O mito do xampu sem sal - Instituto Protetores da Pele

O mito do xampu sem sal
23/02/2012

.por dra. Maria Fernanda Gavazzoni

Não se sabe sua origem, mas sem dúvida as consumidoras brasileiras aderiram ao uso do xampu sem sal como o salvador das madeixas ressecadas. Ao invés de uma preocupação voltada para os ingredientes do xampu, o que se observa é que as atenções estão voltadas apenas para a FALTA de um deles: o cloreto de sódio ou, também chamado, SAL.

O cloreto de sódio, fórmula molecular NaCl, é o mesmo sal da nossa culinária ou da água do mar. Talvez o mito tenha surgido pelo fato da água salgada endurecer e ressecar os cabelos. Isto é fato. Mas, não se trata de xampu salgado! O sal é um importante componente de qualquer xampu e quando usado nas concentrações adequadas jamais terá qualquer influência negativa na estética dos cabelos. Xampu sem sal é como fruta sem açúcar. Não existe. Aliás, observa-se que a propaganda dos supostos xampus sem sal apresentam um asterisco que informa em letras pequeninas que “não houve adição de cloreto de sódio (NaCl). “ Ora, a necessidade desta informação constar nos rótulos e propagandas é devido ao fato de toda e qualquer fórmula de xampu, contendo muitas vezes mais de 40 ingredientes, gera sal através da reação química que ocorre entre os seus componentes. Vamos explicar isto:

Naturalmente ninguém mais  lava os cabelos com sabão em barra. A indústria cosmética foi capaz de desenvolver agentes de limpeza sintéticos que hoje são usados como limpadores de cabelo e couro cabeludo. Estes agentes são chamados “surfactantes” e são a alma de qualquer xampu, pois são eles que higienizam e retiram o óleo e a sujeira. Os surfactantes devem ser capazes de grudar na sujeira e ao mesmo tempo, arrastá-la por água abaixo permitindo o enxágüe. Mas, sabemos que não podemos misturar água com óleo. Então como retirar produtos oleosos do nosso couro cabeludo se a água não vai se ligar na sujeira? É aí que entram os surfactantes. Eles têm uma estrutura como se fosse um cotonete onde a cabeça de algodão liga-se com a água e o palito de plástico liga-se com a gordura do couro cabeludo e fios. Quando se enxágua vai tudo junto e os cabelos ficam limpinhos.

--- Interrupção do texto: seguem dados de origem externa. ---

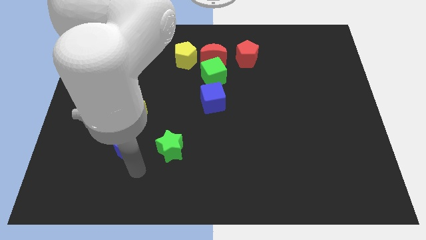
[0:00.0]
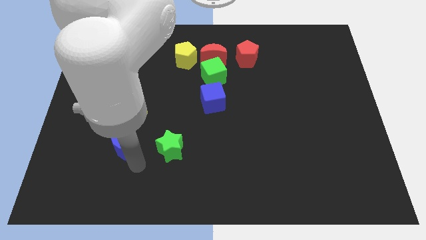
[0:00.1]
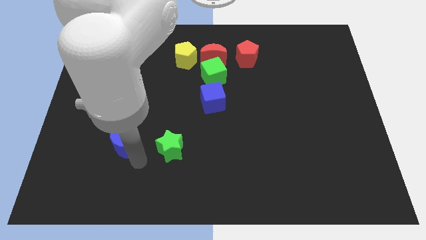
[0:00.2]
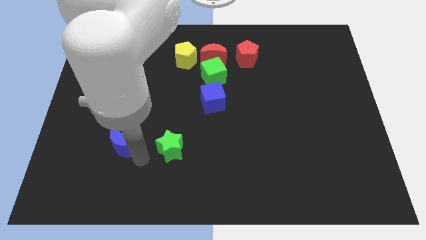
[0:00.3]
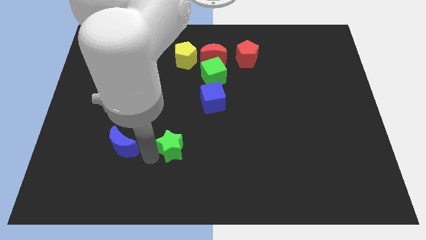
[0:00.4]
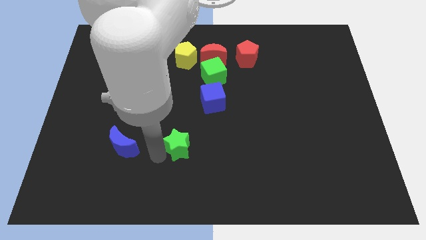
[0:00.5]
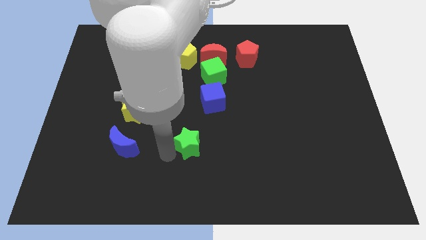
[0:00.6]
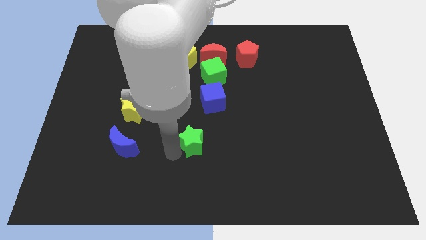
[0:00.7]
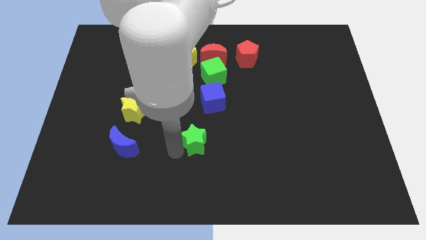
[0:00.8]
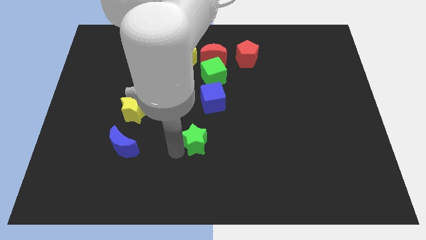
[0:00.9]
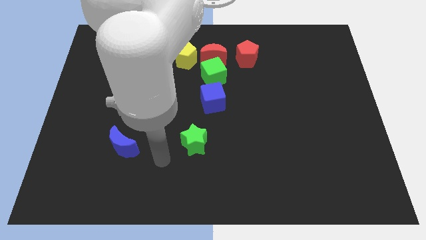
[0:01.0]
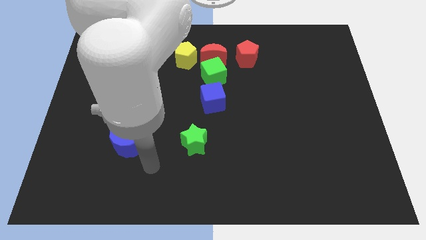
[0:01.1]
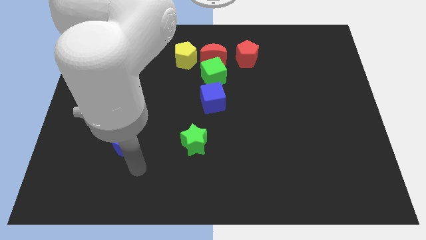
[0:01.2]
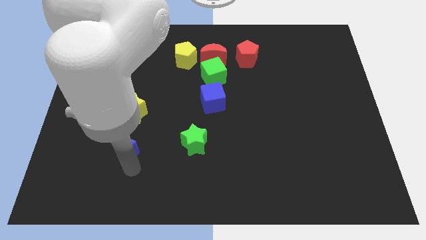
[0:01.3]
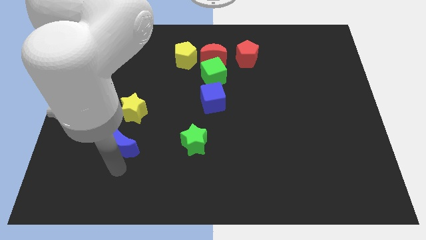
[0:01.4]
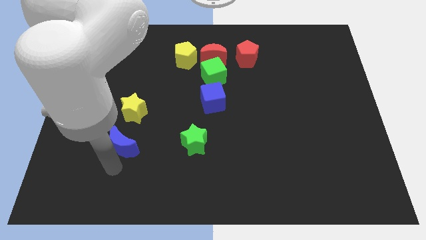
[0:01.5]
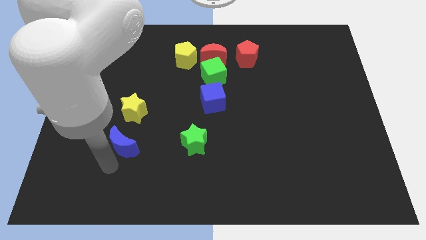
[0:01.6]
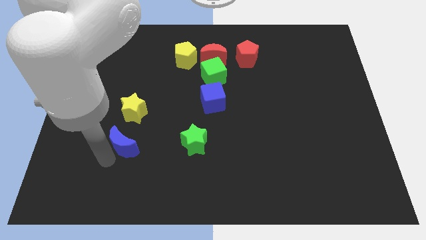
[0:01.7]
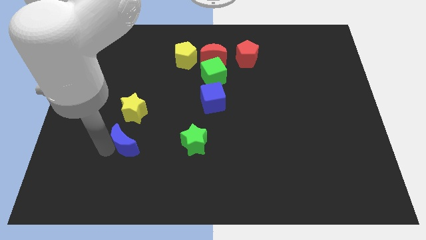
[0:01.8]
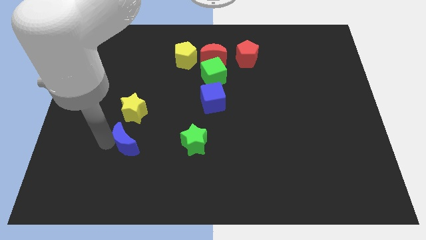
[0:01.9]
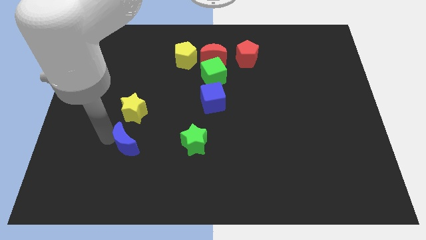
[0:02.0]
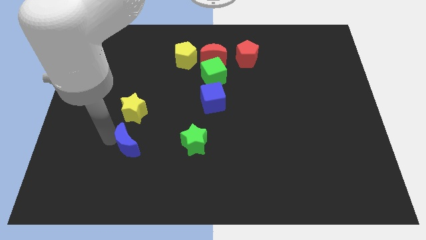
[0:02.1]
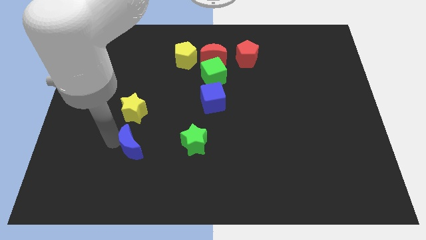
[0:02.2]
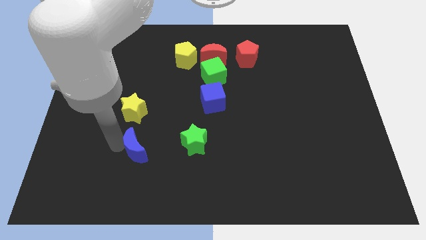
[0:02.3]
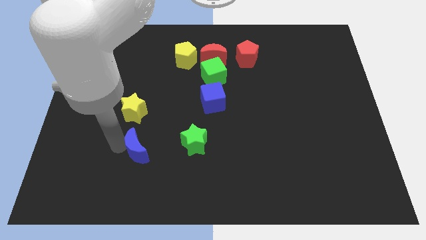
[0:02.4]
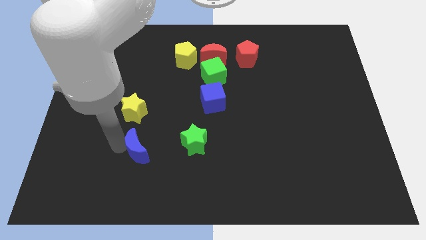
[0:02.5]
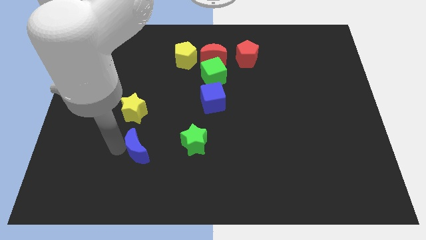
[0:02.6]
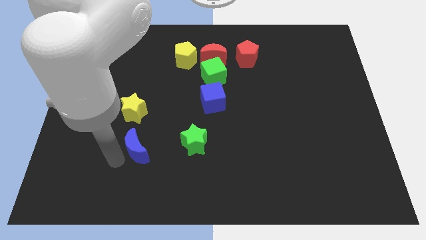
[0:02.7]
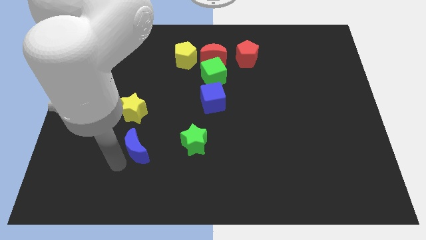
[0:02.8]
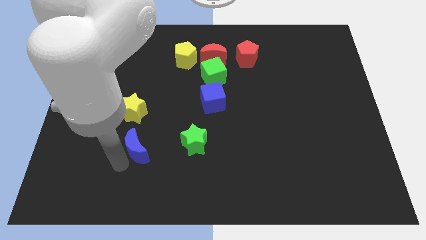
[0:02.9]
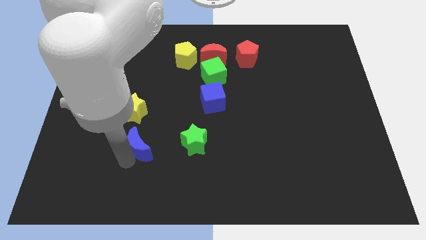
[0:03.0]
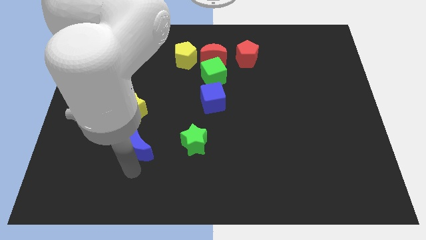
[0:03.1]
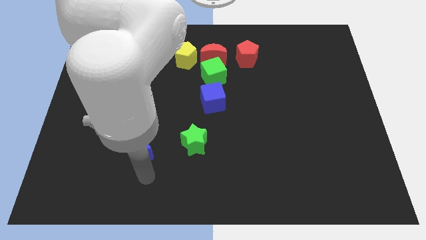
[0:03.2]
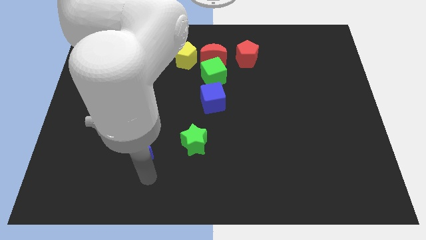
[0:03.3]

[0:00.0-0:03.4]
slightly push the blue crescent and green star towards the center of the board

Agora é que vem a história do sal: o principal surfactante ou agente de limpeza existente em quase todos os xampus é o lauril sulfato de sódio ou derivados deste.  Daí já reconhecemos um nome: sódio (Na). O lauril é um limpador excelente, mas o xampu só com ele seria muito aguado, pois este não dá viscosidade ao xampu nem tampouco geraria espuma na hora de lavar. Para que tudo não escorra literalmente por água abaixo e por entre os nossos dedos, há de se adicionar ao lauril algo que encorpe o líquido do xampu e permita que seja produzida espuma na hora de lavar os cabelos. É a hora do cloreto de sódio. Acrescenta-se quantidade sufuciente para que o xampu adquira uma consistência mais firme e que permita seu uso sem que escorra. Existe um limite para o uso deste sal. Acima do limite o xampu fica pegajoso e novamente desagradável. Para que não se precise adicionar muito sal, todos os xampus têm na sua fórmula agentes limpadores que auxiliam o efeito do lauril sulfato de sódio, tornando-o mais suave e ao mesmo tempo fornecendo viscosidade ao xampu, ou seja, deixando ele mais firme e encorpado. Com isso, precisa-se menos ainda da adição do cloreto de sódio. E é isso que temos hoje. Mínimas concentrações de cloreto de sódio acrescentadas à fórmula para gerar um produto que não escorra e faça espuma. Mas e o sódio do lauril? O sódio também vai se combinar com o cloro da água do banho e com o cloro de vários outros elementos da fórmula do xampu. Aliás eu não falei, mas outros componentes menos importantes também tem sódio na sua molécula. Tudo isso vai reagindo quimicamente dentro do frasco e há a indubitável e inevitável formação de cloreto de sódio para qualquer xampu. E não há nada de mal nisso.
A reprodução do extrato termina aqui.